Work to complete
Repeat the listing that follows, character for character, minus the pictures.

————————

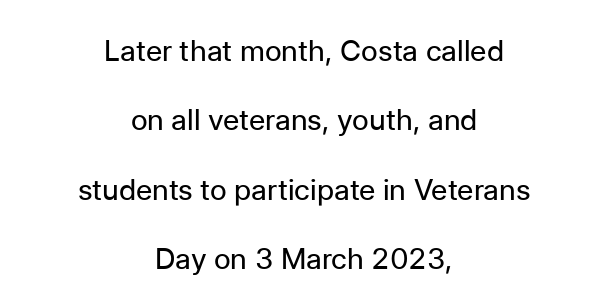
{"serif": "no", "italic": "no", "bold": "no", "weight": "regular", "width": "normal", "stroke_contrast": "low", "x_height": "medium", "monospaced": "no", "underline": "no", "align": "center", "line_spacing": "loose", "line_spacing_ratio": 2.39, "letter_spacing": "normal", "letter_spacing_em": 0.0, "glyph_px": 29}
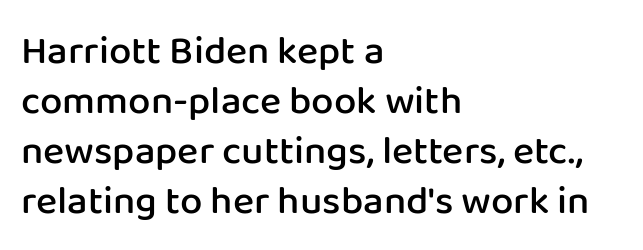
Q: Is the text bold? A: Semi-bold.
Q: Is the text italic (slanted)? A: No, it is upright.
Q: Is the typeface a serif or a sans-serif typeface? A: Sans-serif.
Q: Is the text underlined? A: No.
Q: How is the paragraph aligned? A: Left-aligned.
Q: Is the spacing between letters normal or unusually wide? A: Normal.
Q: Is the spacing between lines tight, normal or loose? A: Normal.
Q: Width (condensed, normal, or wide)? A: Normal.
Q: Stroke contrast? A: Low.
Q: x-height? A: Medium.
Q: Monospaced? A: No.
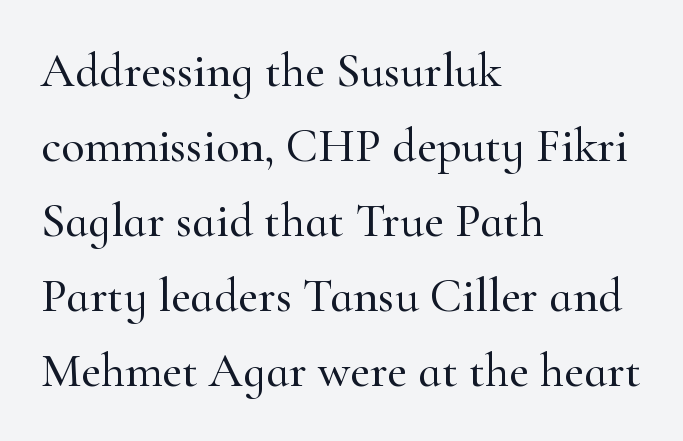
{"serif": "yes", "italic": "no", "width": "normal", "stroke_contrast": "high", "x_height": "small", "monospaced": "no", "underline": "no", "align": "left", "line_spacing": "normal", "line_spacing_ratio": 1.56, "letter_spacing": "normal", "letter_spacing_em": 0.0, "glyph_px": 48}
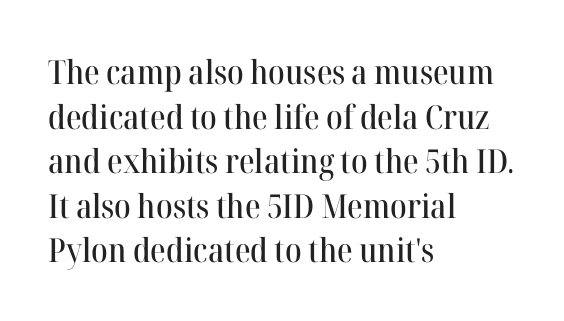
{"serif": "yes", "italic": "no", "width": "normal", "stroke_contrast": "high", "x_height": "medium", "monospaced": "no", "underline": "no", "align": "left", "line_spacing": "normal", "line_spacing_ratio": 1.35, "letter_spacing": "normal", "letter_spacing_em": 0.0, "glyph_px": 33}
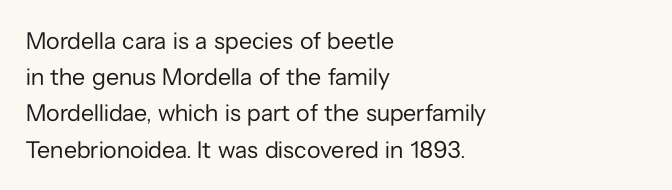
{"italic": "no", "bold": "no", "underline": "no", "align": "left", "line_spacing": "normal", "line_spacing_ratio": 1.51, "letter_spacing": "normal", "letter_spacing_em": 0.0, "glyph_px": 24}
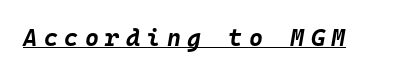
The image shows 24 px bold type, italic (leaning right); set unusually wide letter spacing (+0.27 em), underlined.
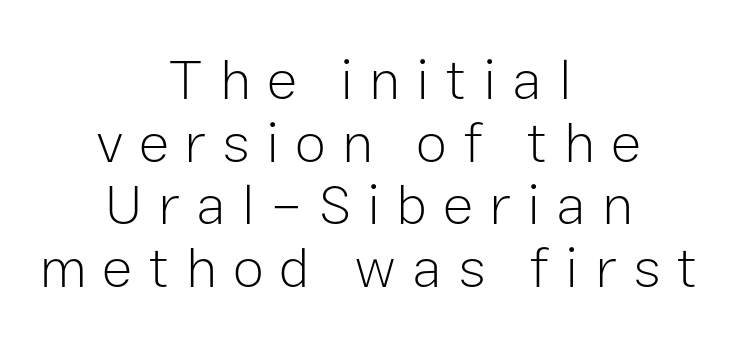
Caption: multi-line text, centered on the measure. Think of a printed novel: that variable character pitch is what you see here. Closely set lines give the paragraph a compact silhouette. The passage shown is not underscored anywhere. The letters look calm and open, with moderate or lighter stems.
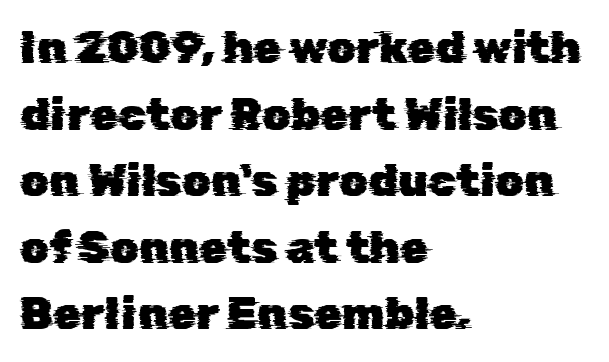
Q: Is the typeface a serif or a sans-serif typeface? A: Sans-serif.
Q: Is the text underlined? A: No.
Q: How is the paragraph aligned? A: Left-aligned.
Q: Is the spacing between letters normal or unusually wide? A: Normal.
Q: Is the spacing between lines tight, normal or loose? A: Normal.
Q: Width (condensed, normal, or wide)? A: Normal.
Q: Stroke contrast? A: Low.
Q: x-height? A: Medium.
Q: Monospaced? A: No.
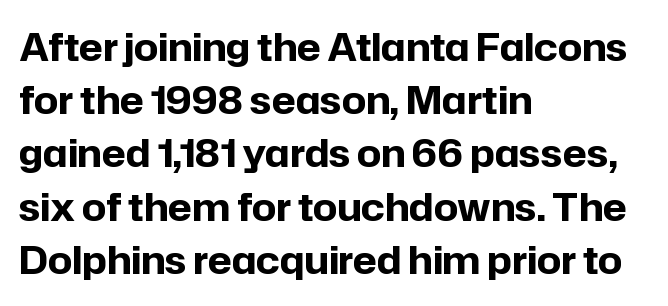
The image shows 38 px bold sans-serif type, upright; set left-aligned, normal line spacing (1.4x), normal letter spacing, not underlined; low stroke contrast and a medium x-height.
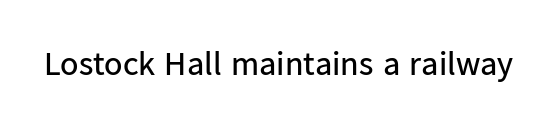
The image shows 34 px regular-weight sans-serif type, upright; set normal letter spacing, not underlined; low stroke contrast and a medium x-height.
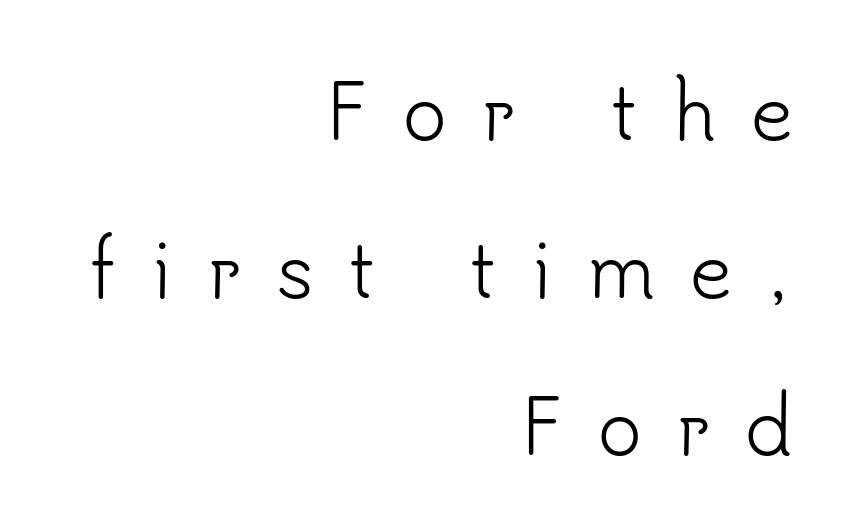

————————

Response box
{"serif": "no", "italic": "no", "bold": "no", "weight": "regular", "width": "normal", "stroke_contrast": "low", "x_height": "medium", "monospaced": "no", "underline": "no", "align": "center", "line_spacing": "loose", "line_spacing_ratio": 2.39, "letter_spacing": "normal", "letter_spacing_em": 0.0, "glyph_px": 29}
Q: Is the text bold? A: Semi-bold.
Q: Is the text italic (slanted)? A: No, it is upright.
Q: Is the typeface a serif or a sans-serif typeface? A: Sans-serif.
Q: Is the text underlined? A: No.
Q: How is the paragraph aligned? A: Left-aligned.
Q: Is the spacing between letters normal or unusually wide? A: Normal.
Q: Is the spacing between lines tight, normal or loose? A: Normal.
Q: Width (condensed, normal, or wide)? A: Normal.
Q: Stroke contrast? A: Low.
Q: x-height? A: Medium.
Q: Monospaced? A: No.
{"serif": "yes", "italic": "no", "width": "normal", "stroke_contrast": "high", "x_height": "small", "monospaced": "no", "underline": "no", "align": "left", "line_spacing": "normal", "line_spacing_ratio": 1.56, "letter_spacing": "normal", "letter_spacing_em": 0.0, "glyph_px": 48}
{"serif": "yes", "italic": "no", "width": "normal", "stroke_contrast": "high", "x_height": "medium", "monospaced": "no", "underline": "no", "align": "left", "line_spacing": "normal", "line_spacing_ratio": 1.35, "letter_spacing": "normal", "letter_spacing_em": 0.0, "glyph_px": 33}
{"italic": "no", "bold": "no", "underline": "no", "align": "left", "line_spacing": "normal", "line_spacing_ratio": 1.51, "letter_spacing": "normal", "letter_spacing_em": 0.0, "glyph_px": 24}
The image shows 24 px bold type, italic (leaning right); set unusually wide letter spacing (+0.27 em), underlined.
Caption: multi-line text, centered on the measure. Think of a printed novel: that variable character pitch is what you see here. Closely set lines give the paragraph a compact silhouette. The passage shown is not underscored anywhere. The letters look calm and open, with moderate or lighter stems.
Q: Is the typeface a serif or a sans-serif typeface? A: Sans-serif.
Q: Is the text underlined? A: No.
Q: How is the paragraph aligned? A: Left-aligned.
Q: Is the spacing between letters normal or unusually wide? A: Normal.
Q: Is the spacing between lines tight, normal or loose? A: Normal.
Q: Width (condensed, normal, or wide)? A: Normal.
Q: Stroke contrast? A: Low.
Q: x-height? A: Medium.
Q: Monospaced? A: No.
The image shows 38 px bold sans-serif type, upright; set left-aligned, normal line spacing (1.4x), normal letter spacing, not underlined; low stroke contrast and a medium x-height.
The image shows 34 px regular-weight sans-serif type, upright; set normal letter spacing, not underlined; low stroke contrast and a medium x-height.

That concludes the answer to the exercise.